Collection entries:

-- -- --

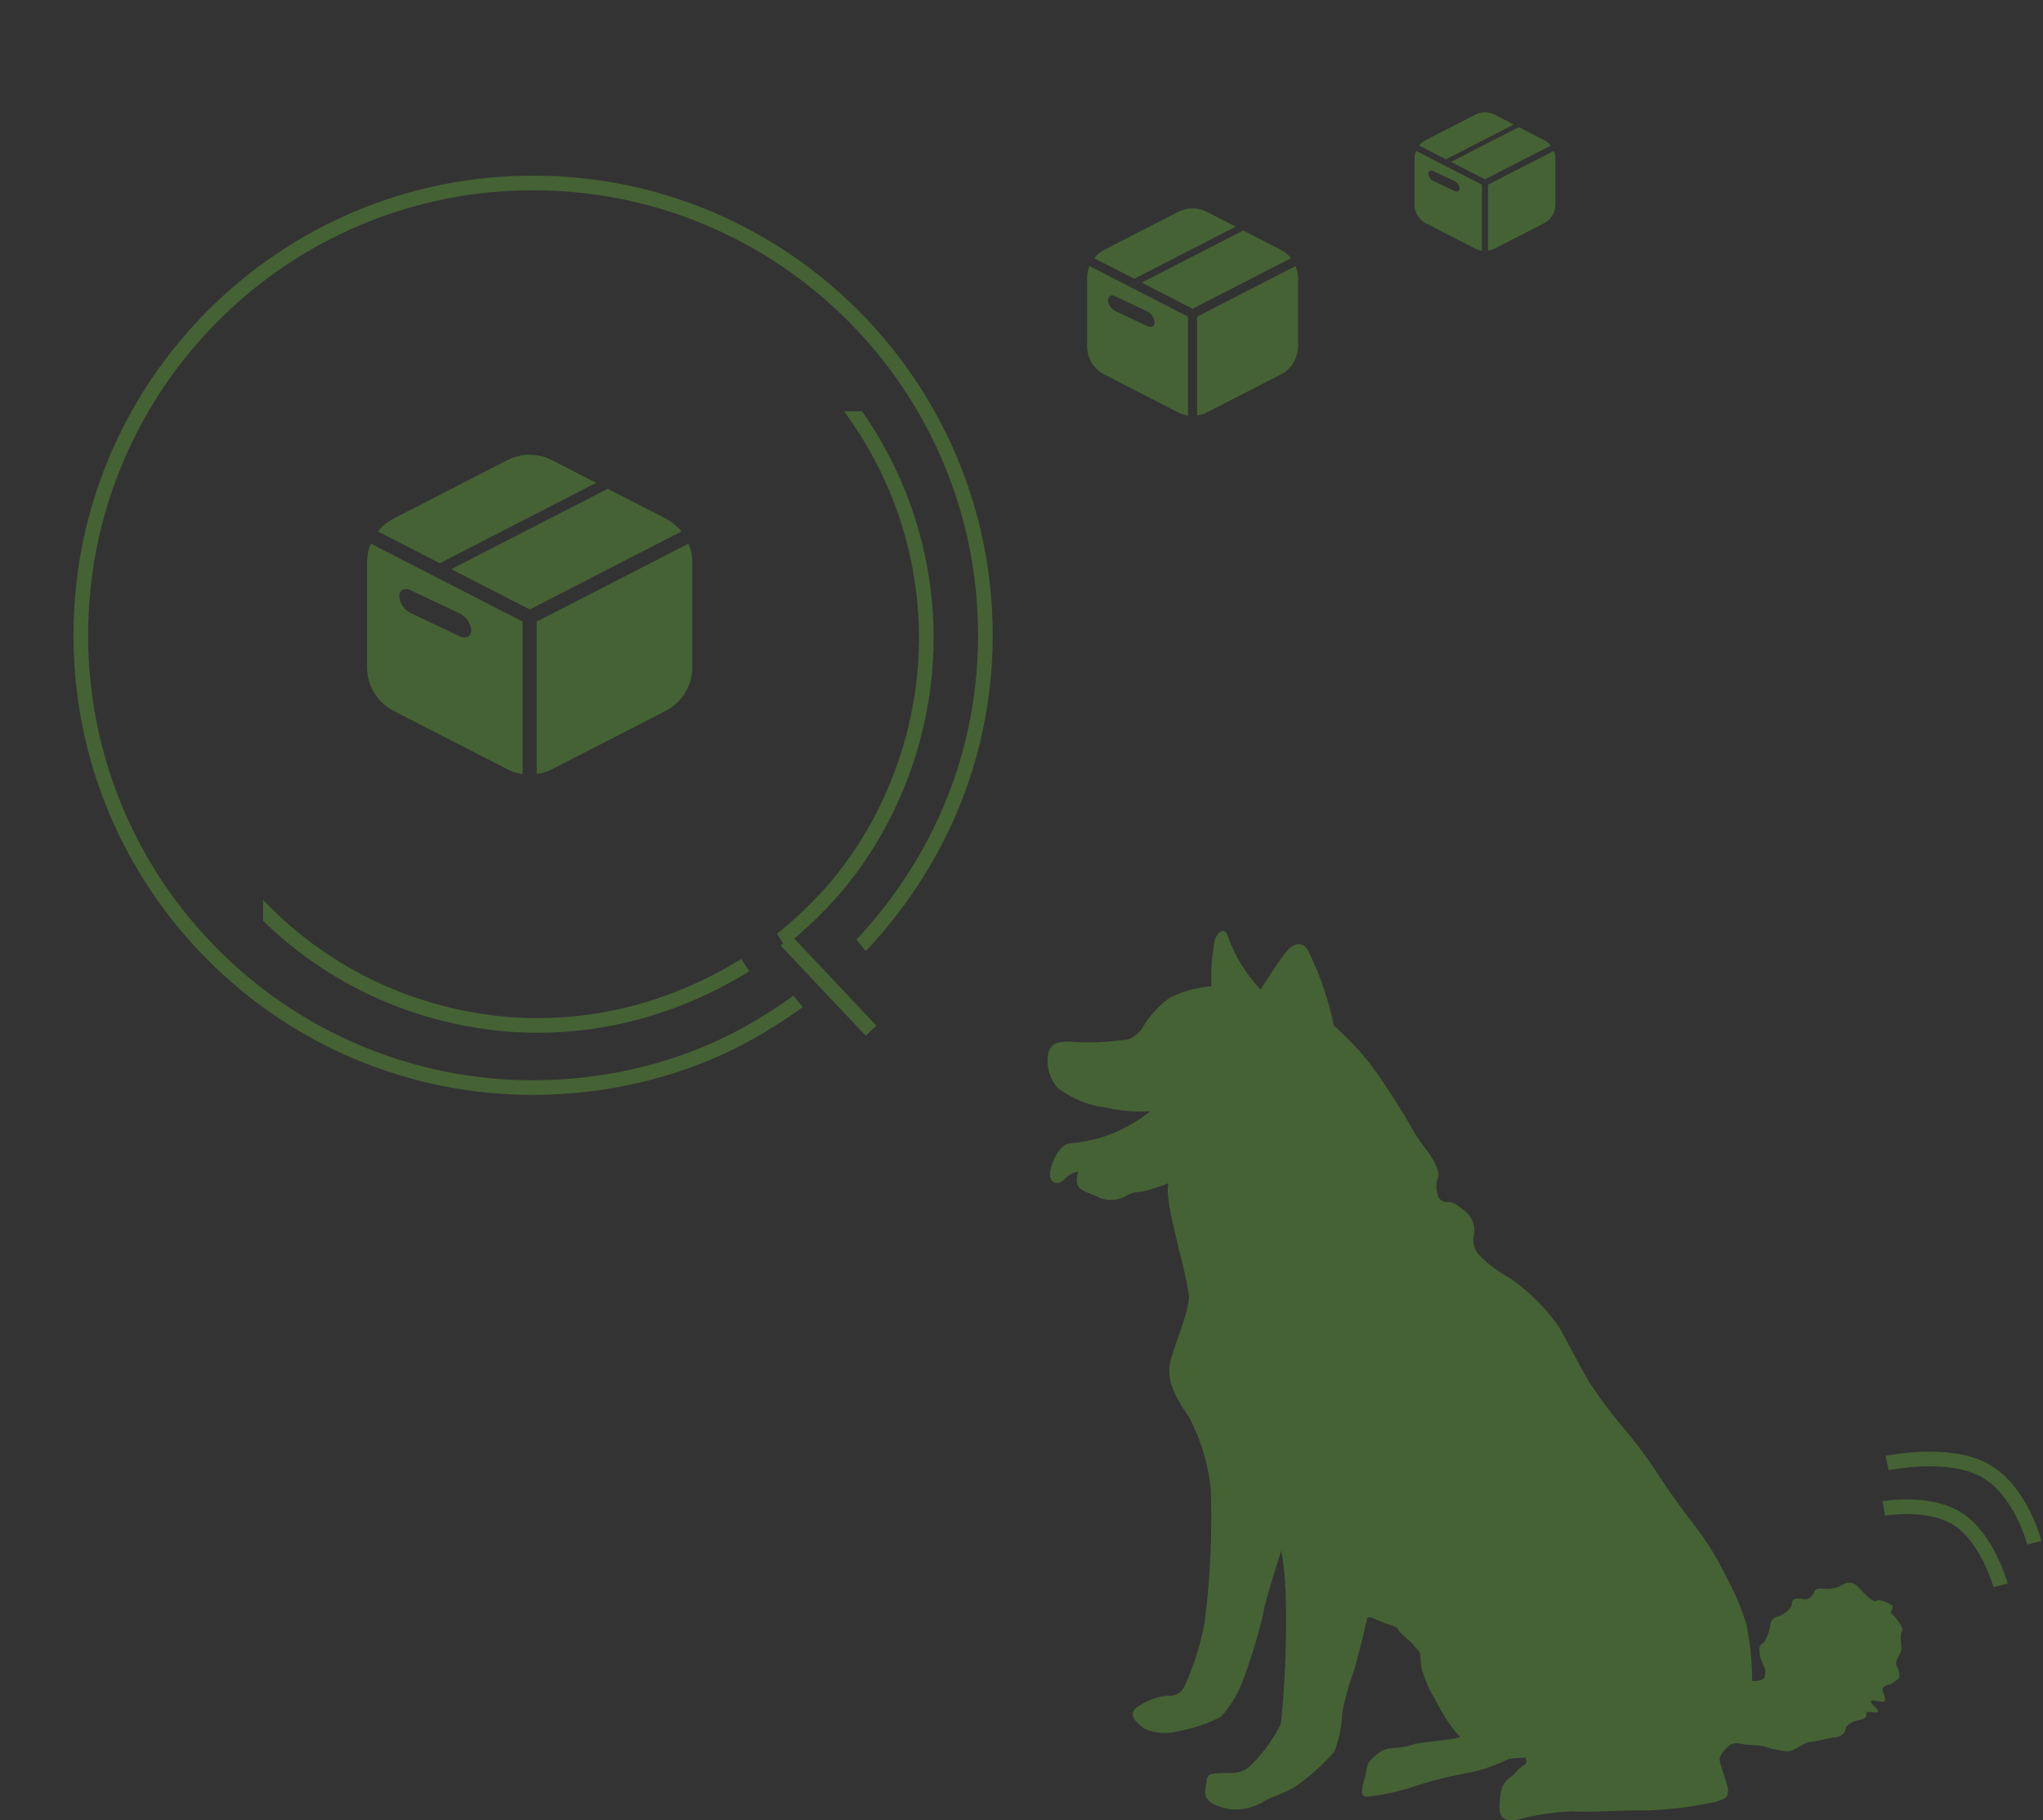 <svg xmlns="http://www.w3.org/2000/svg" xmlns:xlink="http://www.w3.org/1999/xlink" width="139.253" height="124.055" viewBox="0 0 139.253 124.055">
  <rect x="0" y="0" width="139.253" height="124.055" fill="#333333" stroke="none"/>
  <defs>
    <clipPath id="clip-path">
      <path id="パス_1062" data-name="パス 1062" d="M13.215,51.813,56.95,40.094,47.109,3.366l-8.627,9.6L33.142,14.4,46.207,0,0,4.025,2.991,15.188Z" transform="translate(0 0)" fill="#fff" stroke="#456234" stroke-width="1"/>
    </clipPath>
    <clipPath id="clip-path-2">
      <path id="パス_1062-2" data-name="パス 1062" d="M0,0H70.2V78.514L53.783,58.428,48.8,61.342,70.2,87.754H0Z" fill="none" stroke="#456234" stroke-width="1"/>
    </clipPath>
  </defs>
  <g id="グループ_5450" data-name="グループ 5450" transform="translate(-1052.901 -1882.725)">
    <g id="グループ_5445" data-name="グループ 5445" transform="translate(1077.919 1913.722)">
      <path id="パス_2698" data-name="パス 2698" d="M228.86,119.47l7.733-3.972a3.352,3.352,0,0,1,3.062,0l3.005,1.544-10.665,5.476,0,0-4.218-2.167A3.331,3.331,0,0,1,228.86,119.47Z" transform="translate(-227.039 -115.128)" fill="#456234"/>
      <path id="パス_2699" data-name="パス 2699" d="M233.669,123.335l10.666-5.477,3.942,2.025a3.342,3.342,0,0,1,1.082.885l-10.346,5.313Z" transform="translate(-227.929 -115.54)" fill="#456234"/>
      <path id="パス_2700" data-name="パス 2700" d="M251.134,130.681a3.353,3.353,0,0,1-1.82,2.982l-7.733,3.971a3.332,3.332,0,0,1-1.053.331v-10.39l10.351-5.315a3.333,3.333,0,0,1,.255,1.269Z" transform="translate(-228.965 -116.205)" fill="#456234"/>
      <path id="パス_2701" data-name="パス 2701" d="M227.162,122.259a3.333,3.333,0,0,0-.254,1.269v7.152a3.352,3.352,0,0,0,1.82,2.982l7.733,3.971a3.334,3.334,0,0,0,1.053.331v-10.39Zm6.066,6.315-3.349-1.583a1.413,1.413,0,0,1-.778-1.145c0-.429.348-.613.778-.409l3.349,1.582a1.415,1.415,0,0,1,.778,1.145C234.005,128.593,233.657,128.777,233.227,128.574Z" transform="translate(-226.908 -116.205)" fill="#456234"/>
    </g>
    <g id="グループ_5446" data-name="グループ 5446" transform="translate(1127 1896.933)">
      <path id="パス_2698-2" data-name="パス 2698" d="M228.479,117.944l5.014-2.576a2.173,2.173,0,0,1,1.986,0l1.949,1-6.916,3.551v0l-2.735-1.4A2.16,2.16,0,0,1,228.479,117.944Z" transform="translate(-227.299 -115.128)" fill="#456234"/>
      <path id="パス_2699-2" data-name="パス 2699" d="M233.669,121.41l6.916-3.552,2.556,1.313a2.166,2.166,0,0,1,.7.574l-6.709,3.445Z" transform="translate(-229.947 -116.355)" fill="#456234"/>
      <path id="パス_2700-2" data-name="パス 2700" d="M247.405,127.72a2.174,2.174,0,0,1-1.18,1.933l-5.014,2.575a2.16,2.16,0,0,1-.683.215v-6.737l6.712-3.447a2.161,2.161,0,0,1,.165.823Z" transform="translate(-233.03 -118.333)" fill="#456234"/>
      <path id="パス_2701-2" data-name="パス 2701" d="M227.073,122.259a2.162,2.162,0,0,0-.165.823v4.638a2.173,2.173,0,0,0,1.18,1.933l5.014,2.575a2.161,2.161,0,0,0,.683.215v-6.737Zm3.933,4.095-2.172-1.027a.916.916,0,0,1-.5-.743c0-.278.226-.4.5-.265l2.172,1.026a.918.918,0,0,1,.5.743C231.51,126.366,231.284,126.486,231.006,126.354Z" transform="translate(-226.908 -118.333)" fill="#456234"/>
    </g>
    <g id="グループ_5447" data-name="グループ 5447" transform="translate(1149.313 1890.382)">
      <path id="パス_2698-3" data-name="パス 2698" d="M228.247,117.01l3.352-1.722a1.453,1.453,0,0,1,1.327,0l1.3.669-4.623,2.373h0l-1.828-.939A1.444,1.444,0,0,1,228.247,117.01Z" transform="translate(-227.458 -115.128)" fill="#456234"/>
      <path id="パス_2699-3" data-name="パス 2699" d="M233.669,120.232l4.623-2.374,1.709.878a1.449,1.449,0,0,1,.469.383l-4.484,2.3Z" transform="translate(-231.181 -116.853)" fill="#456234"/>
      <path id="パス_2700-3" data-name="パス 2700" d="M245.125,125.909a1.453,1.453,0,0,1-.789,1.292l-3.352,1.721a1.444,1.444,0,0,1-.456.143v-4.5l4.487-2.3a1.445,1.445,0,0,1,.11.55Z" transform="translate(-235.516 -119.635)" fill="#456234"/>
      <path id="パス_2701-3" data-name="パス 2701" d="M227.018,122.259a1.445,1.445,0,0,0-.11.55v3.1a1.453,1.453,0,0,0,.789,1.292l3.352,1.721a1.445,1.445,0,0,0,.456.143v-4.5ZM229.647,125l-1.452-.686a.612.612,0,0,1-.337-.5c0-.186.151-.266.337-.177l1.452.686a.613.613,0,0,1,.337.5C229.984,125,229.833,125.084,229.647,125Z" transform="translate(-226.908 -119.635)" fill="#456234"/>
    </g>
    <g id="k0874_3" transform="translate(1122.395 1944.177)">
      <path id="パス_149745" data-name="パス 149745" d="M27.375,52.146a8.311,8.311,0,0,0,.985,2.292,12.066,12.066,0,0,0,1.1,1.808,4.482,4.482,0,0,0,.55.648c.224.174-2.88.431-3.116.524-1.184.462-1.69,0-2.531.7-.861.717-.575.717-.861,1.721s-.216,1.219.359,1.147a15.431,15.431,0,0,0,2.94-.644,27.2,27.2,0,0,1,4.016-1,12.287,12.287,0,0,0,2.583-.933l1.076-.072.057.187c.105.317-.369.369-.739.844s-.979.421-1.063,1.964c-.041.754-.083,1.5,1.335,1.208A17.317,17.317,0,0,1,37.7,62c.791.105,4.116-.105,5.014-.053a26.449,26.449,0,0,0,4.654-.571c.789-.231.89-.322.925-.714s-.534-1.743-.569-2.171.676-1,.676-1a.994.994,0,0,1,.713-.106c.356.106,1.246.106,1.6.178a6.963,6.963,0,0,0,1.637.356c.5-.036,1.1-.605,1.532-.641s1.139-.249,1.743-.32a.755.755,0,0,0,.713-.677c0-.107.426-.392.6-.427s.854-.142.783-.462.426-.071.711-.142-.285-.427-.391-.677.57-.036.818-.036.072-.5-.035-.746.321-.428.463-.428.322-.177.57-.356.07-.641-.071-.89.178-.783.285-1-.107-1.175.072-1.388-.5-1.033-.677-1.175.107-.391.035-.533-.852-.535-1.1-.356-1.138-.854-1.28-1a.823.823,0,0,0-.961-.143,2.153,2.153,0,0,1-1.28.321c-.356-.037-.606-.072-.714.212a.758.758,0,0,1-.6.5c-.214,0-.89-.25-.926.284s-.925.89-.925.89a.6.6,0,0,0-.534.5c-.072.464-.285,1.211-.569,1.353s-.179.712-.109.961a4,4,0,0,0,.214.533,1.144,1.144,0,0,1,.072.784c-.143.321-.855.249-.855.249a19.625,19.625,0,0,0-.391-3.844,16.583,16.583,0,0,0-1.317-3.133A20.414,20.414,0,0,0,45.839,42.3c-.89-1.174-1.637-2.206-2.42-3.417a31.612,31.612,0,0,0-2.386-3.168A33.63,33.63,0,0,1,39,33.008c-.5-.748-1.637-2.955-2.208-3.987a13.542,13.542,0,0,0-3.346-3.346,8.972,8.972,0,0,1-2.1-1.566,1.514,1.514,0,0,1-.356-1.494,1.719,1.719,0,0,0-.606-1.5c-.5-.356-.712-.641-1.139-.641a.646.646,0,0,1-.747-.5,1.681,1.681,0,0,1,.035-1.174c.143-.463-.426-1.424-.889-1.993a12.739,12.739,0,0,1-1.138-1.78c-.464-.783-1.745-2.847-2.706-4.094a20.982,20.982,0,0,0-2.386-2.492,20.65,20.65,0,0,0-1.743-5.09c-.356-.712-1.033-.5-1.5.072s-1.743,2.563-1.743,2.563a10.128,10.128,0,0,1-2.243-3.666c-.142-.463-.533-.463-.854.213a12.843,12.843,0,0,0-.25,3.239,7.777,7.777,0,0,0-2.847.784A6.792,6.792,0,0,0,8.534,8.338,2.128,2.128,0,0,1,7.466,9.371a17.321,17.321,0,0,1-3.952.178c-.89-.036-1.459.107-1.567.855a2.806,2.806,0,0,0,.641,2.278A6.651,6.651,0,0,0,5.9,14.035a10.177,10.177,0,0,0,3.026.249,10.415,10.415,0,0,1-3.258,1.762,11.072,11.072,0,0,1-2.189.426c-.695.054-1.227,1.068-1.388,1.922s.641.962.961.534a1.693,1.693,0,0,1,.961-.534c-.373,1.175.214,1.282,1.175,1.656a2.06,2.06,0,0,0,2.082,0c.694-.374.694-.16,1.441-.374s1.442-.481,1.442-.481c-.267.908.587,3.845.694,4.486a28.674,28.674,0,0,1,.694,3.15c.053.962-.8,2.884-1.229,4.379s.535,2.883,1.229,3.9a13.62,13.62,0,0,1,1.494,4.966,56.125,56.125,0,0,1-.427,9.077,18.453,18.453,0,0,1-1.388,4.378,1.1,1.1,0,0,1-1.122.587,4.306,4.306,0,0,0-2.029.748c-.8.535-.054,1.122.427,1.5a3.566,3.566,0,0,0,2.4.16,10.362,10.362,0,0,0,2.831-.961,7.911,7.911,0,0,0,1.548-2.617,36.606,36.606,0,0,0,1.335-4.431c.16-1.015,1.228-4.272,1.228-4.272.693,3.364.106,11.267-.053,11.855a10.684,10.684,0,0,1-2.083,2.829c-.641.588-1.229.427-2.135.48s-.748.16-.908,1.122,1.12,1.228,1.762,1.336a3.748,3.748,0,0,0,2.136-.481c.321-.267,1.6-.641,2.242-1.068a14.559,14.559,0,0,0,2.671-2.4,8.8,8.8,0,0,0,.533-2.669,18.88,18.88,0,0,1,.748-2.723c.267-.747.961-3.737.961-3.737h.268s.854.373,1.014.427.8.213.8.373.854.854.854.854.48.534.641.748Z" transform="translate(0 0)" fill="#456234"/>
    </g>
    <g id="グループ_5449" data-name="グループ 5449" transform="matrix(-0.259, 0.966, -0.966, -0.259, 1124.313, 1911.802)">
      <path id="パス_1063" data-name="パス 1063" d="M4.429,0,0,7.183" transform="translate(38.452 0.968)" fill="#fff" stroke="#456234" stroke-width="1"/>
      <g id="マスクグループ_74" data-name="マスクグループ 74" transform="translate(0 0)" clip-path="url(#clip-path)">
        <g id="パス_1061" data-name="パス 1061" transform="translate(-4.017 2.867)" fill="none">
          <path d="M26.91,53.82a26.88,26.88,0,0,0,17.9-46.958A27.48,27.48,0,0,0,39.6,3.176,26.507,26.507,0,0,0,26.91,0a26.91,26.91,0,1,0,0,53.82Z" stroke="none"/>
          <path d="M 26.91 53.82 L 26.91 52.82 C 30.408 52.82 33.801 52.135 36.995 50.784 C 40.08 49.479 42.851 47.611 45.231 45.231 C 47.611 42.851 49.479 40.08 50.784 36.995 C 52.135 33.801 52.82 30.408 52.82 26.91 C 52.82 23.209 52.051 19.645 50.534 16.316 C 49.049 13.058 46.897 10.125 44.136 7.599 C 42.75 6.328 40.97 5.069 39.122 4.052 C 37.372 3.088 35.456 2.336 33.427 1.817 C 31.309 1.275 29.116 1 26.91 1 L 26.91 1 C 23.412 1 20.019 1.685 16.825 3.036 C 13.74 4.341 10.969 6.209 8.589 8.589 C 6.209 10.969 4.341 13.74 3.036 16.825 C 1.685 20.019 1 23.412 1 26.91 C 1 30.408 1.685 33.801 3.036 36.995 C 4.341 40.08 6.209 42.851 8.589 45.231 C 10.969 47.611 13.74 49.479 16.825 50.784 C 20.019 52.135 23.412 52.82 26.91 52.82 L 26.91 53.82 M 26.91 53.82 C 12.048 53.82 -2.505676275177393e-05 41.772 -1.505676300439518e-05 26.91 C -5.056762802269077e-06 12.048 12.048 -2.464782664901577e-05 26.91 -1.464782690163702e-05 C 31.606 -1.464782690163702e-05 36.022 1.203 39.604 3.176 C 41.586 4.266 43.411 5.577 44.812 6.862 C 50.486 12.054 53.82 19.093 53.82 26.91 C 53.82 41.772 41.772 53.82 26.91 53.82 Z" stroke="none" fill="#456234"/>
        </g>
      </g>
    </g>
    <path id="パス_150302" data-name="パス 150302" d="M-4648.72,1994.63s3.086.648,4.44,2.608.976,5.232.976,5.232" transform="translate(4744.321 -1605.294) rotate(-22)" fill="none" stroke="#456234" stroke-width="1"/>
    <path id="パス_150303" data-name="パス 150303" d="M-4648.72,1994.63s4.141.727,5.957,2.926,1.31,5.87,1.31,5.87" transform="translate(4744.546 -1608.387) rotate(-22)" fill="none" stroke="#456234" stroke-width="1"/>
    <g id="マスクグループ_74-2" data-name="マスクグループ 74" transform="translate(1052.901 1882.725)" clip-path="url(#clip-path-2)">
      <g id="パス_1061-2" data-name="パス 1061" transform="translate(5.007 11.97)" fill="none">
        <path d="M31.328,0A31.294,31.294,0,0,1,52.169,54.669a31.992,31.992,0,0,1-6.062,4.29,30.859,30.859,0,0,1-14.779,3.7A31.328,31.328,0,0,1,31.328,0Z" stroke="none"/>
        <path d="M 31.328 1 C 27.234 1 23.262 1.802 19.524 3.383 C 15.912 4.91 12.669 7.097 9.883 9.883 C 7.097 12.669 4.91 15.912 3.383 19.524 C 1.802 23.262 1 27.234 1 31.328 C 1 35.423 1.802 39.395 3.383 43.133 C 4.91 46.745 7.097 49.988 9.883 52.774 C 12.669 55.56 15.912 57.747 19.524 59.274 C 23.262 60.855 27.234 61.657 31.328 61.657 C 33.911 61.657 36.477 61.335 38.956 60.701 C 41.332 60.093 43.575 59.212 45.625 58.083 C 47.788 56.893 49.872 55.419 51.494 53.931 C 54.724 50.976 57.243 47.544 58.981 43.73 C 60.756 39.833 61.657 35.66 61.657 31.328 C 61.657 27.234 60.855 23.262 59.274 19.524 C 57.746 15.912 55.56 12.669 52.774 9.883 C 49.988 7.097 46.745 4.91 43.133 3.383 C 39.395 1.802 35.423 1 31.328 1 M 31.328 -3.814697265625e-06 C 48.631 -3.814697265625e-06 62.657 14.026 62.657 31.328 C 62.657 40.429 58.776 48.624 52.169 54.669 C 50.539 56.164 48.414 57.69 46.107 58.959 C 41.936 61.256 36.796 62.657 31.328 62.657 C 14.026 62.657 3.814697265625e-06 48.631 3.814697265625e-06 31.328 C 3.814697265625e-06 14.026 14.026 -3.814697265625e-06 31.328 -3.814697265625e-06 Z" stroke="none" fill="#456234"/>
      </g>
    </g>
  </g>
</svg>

-- -- --

• _Task_
For the entries shown above, tally every line containing the word "マスクグループ". Report the tally and nothing else.

• _Exercise solution_
2